The invention described is suitable for treating a wide range of pain conditions but is particularly suited for chronic pain such as that associated with osteoarthritis and similar disorders of the joints or muscles including chronic tension headache. It may also be used alone, or in association with other analgesic therapy, in the treatment of malignant disorders or where other chronic analgesic therapy is contraindicated. In all these cases, pain rebound can be a problem when short-acting analgesic formulations are used. In a preferred example, two sustained-release paracetamol dose units, each containing 750 - 1000 mg (alone or admixed with other actives) , are administered twice daily. Because of the low incidence of adverse effects to therapeutic doses of paracetamol, the dosage regimen described above can, in most cases, be used for prolonged periods.

Uses of the present invention are not to be restricted to human beings. Rather, formulations containing analgesic compounds in sustained release forms may be administered to any mammal in need thereof. The dosage administered will depend on the analgesic and the mammal to which a formulation is administered. Formulations of sustained release analgesics should be prepared according to recognised art and dosage levels.

Claims (1)

1. CLAIMS : -

   1. A composition comprising at least one analgesic in a dose form adapted for substained release and in a concentration selected to provide an analgesically effective dose at a substantially constant dose rate over at least 8 hours.

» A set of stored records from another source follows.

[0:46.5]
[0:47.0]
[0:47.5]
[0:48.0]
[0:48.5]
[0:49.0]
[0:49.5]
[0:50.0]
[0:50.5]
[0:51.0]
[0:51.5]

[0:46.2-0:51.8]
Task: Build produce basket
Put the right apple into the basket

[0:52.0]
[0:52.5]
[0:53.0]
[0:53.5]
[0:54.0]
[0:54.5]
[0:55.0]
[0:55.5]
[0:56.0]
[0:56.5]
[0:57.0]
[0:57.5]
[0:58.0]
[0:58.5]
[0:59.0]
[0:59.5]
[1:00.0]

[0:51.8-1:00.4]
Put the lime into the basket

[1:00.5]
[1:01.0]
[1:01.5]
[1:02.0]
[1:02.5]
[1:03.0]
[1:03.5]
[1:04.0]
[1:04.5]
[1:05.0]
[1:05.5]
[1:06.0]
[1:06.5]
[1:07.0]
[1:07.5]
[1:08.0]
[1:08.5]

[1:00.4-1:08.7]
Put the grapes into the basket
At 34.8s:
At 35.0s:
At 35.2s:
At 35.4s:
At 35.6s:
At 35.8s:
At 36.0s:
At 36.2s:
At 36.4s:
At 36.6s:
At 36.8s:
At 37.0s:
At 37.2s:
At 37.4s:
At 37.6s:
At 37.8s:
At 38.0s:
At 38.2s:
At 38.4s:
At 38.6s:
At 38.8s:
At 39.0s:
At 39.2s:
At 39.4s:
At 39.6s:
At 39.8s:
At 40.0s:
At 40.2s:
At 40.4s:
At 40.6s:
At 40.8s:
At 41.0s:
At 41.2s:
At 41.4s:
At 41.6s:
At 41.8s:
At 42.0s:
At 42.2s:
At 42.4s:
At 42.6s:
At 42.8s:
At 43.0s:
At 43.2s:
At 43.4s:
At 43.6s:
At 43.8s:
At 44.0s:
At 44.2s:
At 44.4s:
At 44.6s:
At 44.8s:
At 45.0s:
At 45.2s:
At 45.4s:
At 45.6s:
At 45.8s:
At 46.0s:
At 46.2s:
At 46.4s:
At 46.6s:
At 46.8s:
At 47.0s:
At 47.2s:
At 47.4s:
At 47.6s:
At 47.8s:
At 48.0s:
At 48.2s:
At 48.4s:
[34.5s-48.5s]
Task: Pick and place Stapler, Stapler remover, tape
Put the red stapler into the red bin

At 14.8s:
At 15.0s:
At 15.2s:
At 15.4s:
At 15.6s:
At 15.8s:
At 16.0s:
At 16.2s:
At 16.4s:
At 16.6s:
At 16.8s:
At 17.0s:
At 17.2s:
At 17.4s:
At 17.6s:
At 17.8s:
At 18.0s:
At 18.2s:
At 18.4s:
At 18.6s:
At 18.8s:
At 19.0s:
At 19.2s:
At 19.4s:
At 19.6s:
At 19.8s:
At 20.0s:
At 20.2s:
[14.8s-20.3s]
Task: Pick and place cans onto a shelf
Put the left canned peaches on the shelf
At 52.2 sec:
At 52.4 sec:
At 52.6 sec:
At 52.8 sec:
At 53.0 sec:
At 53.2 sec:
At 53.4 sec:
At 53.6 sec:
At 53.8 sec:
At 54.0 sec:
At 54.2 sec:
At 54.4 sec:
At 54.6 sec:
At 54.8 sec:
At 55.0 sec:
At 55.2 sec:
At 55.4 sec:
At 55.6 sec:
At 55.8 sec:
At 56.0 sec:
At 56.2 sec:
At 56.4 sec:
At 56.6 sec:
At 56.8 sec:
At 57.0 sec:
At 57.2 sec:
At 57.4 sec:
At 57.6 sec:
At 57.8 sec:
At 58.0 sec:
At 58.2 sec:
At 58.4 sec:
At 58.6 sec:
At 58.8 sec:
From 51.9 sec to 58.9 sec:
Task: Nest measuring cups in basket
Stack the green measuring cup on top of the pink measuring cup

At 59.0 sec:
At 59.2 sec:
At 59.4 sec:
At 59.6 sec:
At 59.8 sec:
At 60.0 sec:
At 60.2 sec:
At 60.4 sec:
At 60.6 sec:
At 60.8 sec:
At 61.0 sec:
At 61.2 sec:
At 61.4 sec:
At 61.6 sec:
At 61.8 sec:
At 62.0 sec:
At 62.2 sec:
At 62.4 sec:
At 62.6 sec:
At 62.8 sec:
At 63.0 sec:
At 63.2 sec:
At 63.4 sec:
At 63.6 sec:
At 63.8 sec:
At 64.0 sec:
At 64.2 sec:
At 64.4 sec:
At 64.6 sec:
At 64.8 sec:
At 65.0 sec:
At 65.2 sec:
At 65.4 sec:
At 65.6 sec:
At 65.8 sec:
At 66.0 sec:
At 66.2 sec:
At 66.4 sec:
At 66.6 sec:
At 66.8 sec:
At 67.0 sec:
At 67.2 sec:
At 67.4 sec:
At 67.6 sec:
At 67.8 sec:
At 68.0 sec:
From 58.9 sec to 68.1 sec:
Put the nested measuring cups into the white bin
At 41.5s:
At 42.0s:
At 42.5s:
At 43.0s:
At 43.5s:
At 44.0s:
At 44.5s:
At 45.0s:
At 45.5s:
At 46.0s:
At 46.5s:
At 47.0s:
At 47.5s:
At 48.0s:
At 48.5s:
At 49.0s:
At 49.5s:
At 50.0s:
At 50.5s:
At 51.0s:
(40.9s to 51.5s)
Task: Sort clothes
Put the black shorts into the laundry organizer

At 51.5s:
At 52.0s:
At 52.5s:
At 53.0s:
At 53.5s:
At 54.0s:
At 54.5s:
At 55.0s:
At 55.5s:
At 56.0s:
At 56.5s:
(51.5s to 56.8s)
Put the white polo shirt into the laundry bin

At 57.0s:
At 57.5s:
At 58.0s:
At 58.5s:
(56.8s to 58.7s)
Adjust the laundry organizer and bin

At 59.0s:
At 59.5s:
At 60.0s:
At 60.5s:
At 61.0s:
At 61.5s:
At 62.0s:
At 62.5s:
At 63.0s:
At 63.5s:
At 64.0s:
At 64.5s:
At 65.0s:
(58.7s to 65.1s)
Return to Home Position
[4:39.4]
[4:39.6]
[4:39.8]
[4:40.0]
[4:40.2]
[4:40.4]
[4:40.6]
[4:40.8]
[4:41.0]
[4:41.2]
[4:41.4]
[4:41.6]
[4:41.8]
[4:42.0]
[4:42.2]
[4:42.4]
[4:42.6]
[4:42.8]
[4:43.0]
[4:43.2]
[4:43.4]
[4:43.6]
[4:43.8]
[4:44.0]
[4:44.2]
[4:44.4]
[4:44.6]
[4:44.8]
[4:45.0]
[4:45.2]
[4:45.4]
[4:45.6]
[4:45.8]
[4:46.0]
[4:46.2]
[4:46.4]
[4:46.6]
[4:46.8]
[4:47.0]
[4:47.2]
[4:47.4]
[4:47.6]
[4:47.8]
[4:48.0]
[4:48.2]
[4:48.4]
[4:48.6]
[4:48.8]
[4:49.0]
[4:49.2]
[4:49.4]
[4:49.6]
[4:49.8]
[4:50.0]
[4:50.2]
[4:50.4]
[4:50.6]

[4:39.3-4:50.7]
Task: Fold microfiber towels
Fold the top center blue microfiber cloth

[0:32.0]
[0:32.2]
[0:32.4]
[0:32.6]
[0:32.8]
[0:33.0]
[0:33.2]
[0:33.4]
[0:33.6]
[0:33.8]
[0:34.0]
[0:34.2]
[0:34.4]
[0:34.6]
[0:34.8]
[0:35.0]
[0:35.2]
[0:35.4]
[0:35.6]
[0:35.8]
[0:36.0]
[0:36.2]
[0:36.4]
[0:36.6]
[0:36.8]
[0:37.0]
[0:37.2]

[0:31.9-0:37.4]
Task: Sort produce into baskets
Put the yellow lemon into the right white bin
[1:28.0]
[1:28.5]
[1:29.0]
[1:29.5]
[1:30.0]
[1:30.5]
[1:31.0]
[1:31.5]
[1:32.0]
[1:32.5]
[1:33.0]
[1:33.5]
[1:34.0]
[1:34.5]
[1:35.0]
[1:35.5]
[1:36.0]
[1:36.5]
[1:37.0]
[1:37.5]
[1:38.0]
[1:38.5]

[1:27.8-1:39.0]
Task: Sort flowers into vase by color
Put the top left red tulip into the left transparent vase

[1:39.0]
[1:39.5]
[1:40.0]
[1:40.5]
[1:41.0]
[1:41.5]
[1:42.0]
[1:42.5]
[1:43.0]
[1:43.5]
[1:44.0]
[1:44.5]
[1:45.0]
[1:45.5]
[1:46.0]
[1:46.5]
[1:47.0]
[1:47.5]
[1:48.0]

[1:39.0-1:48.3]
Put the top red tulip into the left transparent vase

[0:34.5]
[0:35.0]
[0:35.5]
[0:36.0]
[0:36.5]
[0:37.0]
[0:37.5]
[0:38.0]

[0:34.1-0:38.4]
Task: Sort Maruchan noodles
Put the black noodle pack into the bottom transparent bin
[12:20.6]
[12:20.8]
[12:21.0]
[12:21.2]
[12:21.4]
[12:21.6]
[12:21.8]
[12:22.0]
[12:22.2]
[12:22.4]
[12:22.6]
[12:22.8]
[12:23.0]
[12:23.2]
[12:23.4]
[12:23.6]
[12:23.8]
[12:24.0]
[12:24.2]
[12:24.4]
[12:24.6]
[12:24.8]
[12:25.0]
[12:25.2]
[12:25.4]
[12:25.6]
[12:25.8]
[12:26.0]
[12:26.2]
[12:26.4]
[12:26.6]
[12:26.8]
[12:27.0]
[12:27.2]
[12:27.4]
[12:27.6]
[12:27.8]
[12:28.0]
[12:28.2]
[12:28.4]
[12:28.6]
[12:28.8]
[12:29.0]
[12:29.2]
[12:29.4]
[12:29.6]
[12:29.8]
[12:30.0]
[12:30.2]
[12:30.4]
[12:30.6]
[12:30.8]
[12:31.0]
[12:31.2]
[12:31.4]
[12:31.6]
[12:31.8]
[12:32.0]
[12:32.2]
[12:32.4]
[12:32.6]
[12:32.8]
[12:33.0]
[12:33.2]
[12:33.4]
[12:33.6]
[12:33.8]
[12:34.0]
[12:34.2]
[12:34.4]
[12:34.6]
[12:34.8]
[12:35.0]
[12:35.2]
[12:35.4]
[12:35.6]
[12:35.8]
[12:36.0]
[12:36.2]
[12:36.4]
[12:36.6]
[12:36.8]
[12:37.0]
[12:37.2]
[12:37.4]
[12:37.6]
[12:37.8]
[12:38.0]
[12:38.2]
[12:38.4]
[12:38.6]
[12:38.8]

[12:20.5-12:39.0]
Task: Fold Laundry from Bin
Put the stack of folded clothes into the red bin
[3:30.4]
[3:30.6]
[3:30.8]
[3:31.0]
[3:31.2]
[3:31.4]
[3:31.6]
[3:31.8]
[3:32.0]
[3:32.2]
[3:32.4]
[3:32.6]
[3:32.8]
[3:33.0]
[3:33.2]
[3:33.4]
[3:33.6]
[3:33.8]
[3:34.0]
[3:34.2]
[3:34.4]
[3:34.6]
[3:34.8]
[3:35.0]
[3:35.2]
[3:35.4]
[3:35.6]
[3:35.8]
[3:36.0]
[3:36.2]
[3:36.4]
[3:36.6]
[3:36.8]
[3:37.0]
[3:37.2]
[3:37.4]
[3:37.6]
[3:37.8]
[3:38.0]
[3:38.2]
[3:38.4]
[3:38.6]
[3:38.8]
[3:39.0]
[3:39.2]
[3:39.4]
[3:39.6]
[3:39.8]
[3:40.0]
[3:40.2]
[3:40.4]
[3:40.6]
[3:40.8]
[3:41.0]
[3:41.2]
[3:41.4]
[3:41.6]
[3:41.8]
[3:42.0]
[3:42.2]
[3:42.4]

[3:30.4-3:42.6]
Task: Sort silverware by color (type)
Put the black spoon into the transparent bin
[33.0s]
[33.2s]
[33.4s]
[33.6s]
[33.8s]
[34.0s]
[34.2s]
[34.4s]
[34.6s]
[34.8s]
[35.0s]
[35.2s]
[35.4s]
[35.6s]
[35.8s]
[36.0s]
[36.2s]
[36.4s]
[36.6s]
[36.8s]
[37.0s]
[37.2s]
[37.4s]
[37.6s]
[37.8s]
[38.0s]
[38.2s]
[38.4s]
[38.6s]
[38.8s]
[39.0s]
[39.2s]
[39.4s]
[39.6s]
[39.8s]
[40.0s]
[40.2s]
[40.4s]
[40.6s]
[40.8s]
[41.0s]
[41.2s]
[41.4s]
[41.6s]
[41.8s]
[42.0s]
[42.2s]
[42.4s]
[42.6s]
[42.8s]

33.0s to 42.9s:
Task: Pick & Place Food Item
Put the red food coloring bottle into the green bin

   2. A composition according to claim 1 wherein the analgesic is paracetamol, the dose unit contains at least 600 mg of paracetamol and the constant dose rate is from 75 - 400 mg/hr.

   3. A composition according to claim 1 or claim 2 wherein the analgesic is paracetamol and the constant dose rate is from 200 - 300 mg/hr.

   4. A composition according to claim 2 wherein the dose form has from 750 mg to 1500 mg of paracetamol.

   5. A composition according to claim 1 wherein the dosage form is adapted for substained release of the dose unit over a period of from 8 to 24 hours.

   6. A composition according to claim 5 wherein the dosage form is adapted for substained release of the dose unit over a period of from 8 to 12 hours.

   7. A composition according to any one of the preceding claims further comprising an analgesic adapted for rapid release.

   8. A composition according to any one of the preceding claims wherein the analgesic adapted for substained release is selected from the group consisting of opioid analgesics, non-steroidal anti-inflammatory analgesic and non-opioid analgesics. . A composition according to claim 8 wherein the analgesic adapted for substained release is a non-opioid analgesic.

   10. A composition according to claim 8 or 9 wherein the analgesic adapted for substained release is paracetamol.

   11. A composition according to claim 8 wherein the analgesic adapted for substained release is a mixture of paracetamol and codeine.

   12. A composition according to claim 8 wherein the analgesic adapted for substained release is a mixture of paracetamol, codeine and doxylamine.

   13. A composition according to claim 7 wherein the analgesics adapted for rapid release is selected from the group consisting of opioid analgesics, non-steroidal, anti-flammatory analgesic and non-opioid analgesics.

   14. A composition according to claim 13 wherein the analgesic adapted for rapid release is a non-opioid analgesic.

   15. A composition according to claim 13 or 14 wherein the analgesic adapted for rapid release is paracetamol.

   16. A composition according to claim 13 wherein the analgesic adapted for rapid release is a mixture of paracetamol and codeine.

   17. A composition according to any one of the preceding claims wherein the dosage form is an oral formulation. 18. A composition according to claim 17 wherein the oral formulation is selected from the group consisting of tablets, capsules, microcapsules, microspheres and liquid formulations.

   19. A pharmaceutical composition for treating headaches and the like comprising a pharmaceutical carrier and a therapeutically effective amount of a composition according to any one of claims 1 to 18.

   20. A method for avoiding pain rebound comprising administering a therapeutically effective amount of a composition according to any one of claims 1 to 18 and/or a composition according to claim 19.